Krasner announced one year ago that his office would no longer request money bail for defendants charged with certain misdemeanors and nonviolent felonies — a list of 25 charges that included prostitution, intoxicated driving, and some burglaries. Instead, the office is encouraging trial commissioners to release such defendants on nonmonetary conditions or on their own recognizance.

The listed charges represent 61 percent of all cases coming through the criminal justice system in the city — cases in which bail was often already set as low as $1,000. When Krasner announced the policy, he estimated it could affect 4,000 defendants a year.

The actual impact has been more modest: While bail commissioners have released 90 percent of individuals facing misdemeanor charges identified by Krasner as not warranting bail, they have continued to assign bail in two-thirds of felony cases that qualify for no bail under his policy.

Krasner said that moving forward, the hope is the data released Tuesday will encourage bail commissioners to release more defendants on recognizance. “I think the way we can get them to listen to our recommendations is to show them this report," he said, "and to show them we were not endangering the public.”

According to the researchers, the largest impact was on individuals who would have under previous policy received low bail amounts, $5,000 or less.

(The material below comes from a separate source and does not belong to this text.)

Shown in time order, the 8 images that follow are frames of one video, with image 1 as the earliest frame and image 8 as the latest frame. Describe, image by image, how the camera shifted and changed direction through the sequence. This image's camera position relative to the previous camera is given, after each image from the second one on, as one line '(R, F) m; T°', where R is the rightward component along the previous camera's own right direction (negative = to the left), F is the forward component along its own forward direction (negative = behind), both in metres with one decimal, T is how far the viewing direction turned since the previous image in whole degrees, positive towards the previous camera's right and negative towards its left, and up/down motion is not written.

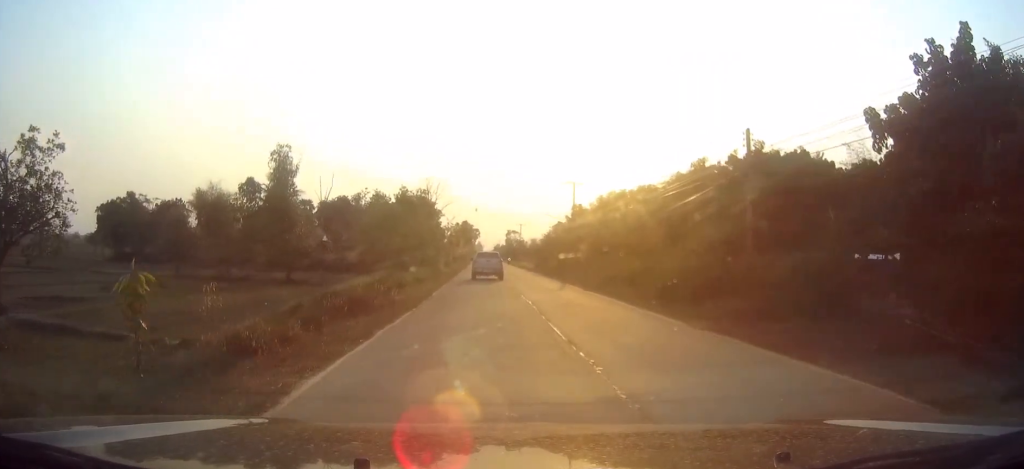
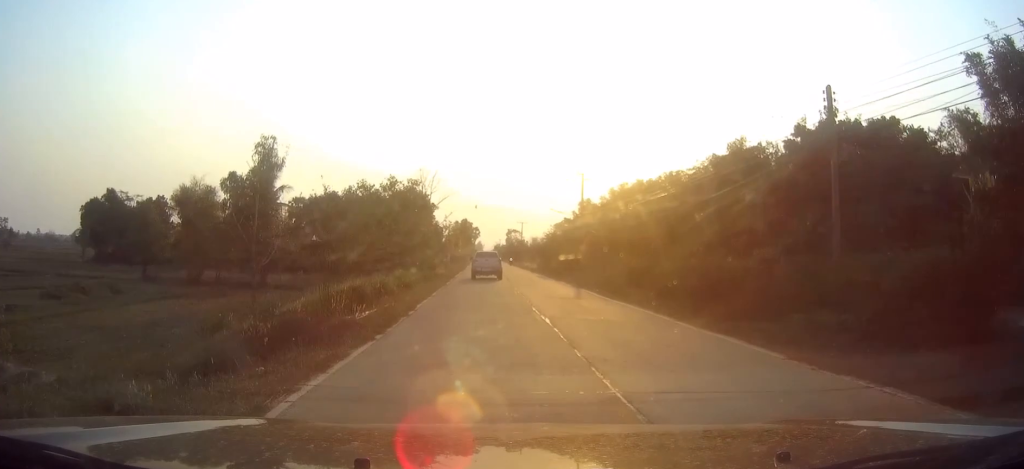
(+0.1, +6.3) m; +1°
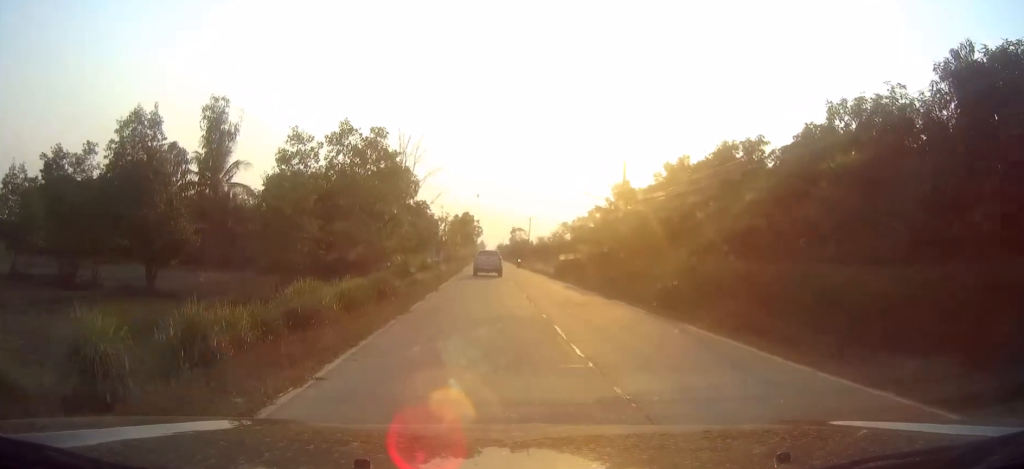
(0.0, +18.3) m; 0°
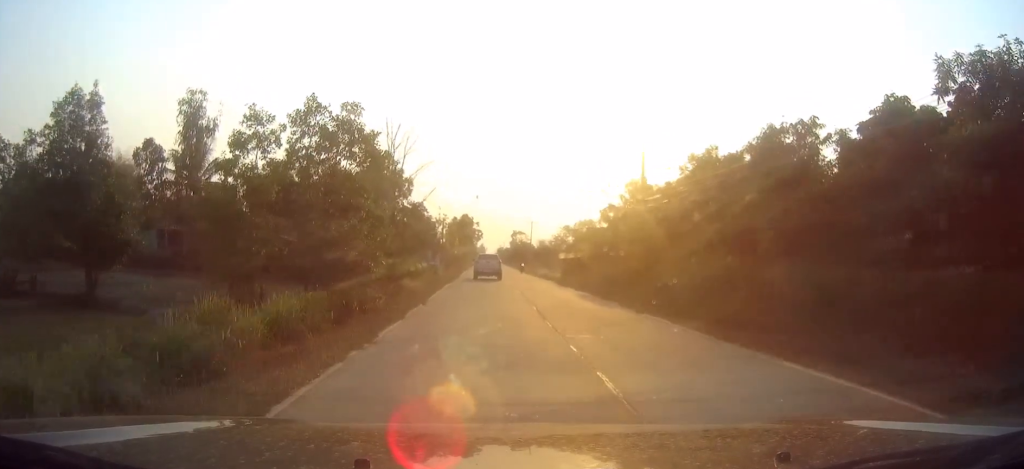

The number of people assigned very low bail fell by 41 percent.

The impact of these changes could be substantial. Critics note that bail decisions often reflect racial disparities, and that being held before trial frequently provides a powerful incentive to plead guilty.

In previous research into Philadelphia’s bail system, Stevenson found that defendants held on bail were 13 percent more likely to be convicted, and served sentences that were on average 41 percent longer than those who were released pretrial.

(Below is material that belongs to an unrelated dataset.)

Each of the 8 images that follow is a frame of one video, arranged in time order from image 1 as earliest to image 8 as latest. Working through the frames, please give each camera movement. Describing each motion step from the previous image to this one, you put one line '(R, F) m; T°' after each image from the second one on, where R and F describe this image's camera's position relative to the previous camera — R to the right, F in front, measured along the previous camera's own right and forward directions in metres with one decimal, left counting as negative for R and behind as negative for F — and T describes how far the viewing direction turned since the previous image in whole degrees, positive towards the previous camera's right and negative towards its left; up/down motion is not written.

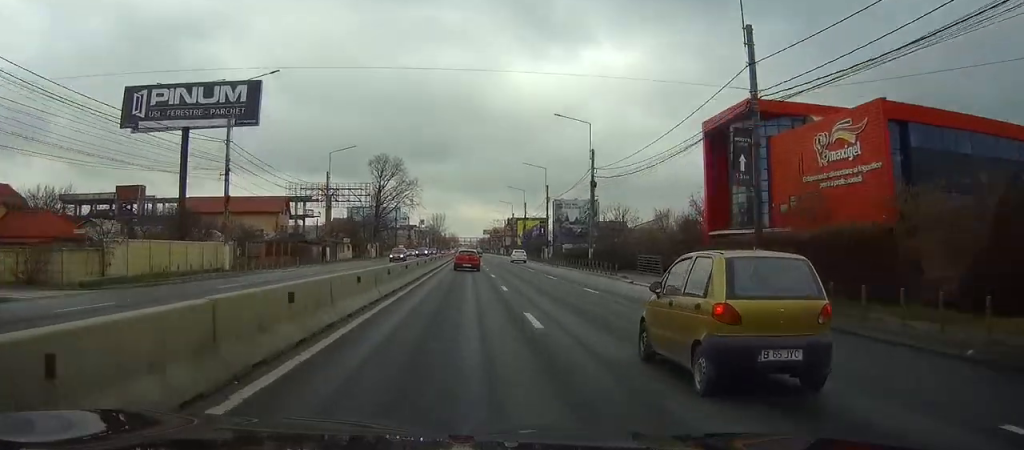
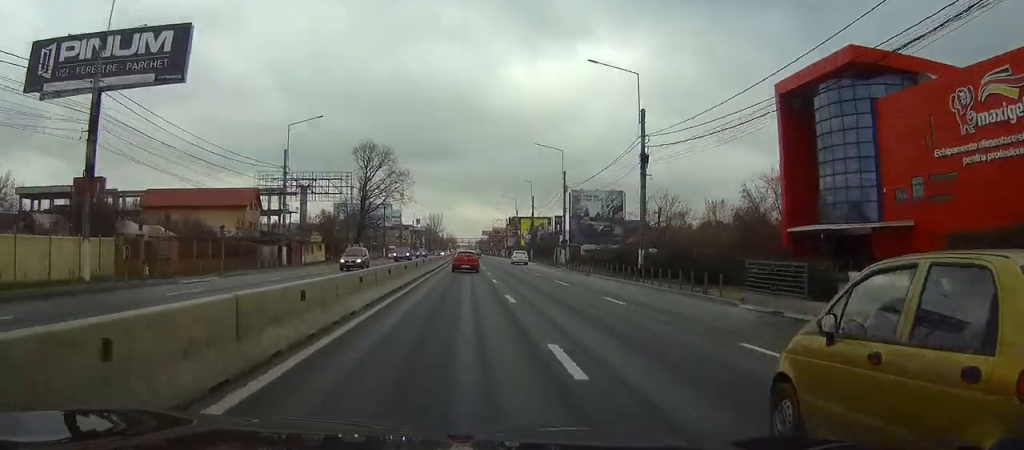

Krasner came into office in the middle of an effort to reduce the jail population through a series of changes supported by the MacArthur Foundation. Philadelphia’s jail population, now less than 4,700, has fallen 24 percent in the past year to the lowest level in two decades.

“We’re investing in our communities rather than in costly incarceration,” Kenney said Tuesday.

Since July 2015, the number of prisoners has declined 43 percent and the population held only on bail of $50,000 or less has plummeted by two-thirds, to just about 330 people as of December 2018. All told, about one in five jail inmates is now in jail only for bail; the rest are serving sentences or are locked up on detainers, usually for violations of parole or probation.

Kenney cited police diversion into treatment programs, the early bail review hearings set up by the courts, and a bail-advocate program created by the Defender Association as driving that progress.

But, he noted that those successes have not moved the needle on the racial disparities in the city’s criminal justice system.

“People of color still remain highly overrepresented. ... The rate of racial and ethnic disparities in the system remain the same,” Kenney said. “We need to do better.”

What’s needed now, Chief Defender Keir Bradford-Grey said, is a focus on support for people who are released — to connect them with transportation, housing, treatment, and other services they may need to stay in the community and get to court. She said her office and others are already doing that.

“We’re doing this without a risk assessment,” she said, referencing the city’s controversial plan to put in place a pretrial risk-assessment tool. “We’re doing this with human assessment, human capacity.”

She said the city needs to push further.

“The only way we’re really going to make a dent in racial disparity is if we get rid of cash,” Bradford-Grey said. “Cash should never be a determination as to whether people get in or out. It should be an individualized assessment.”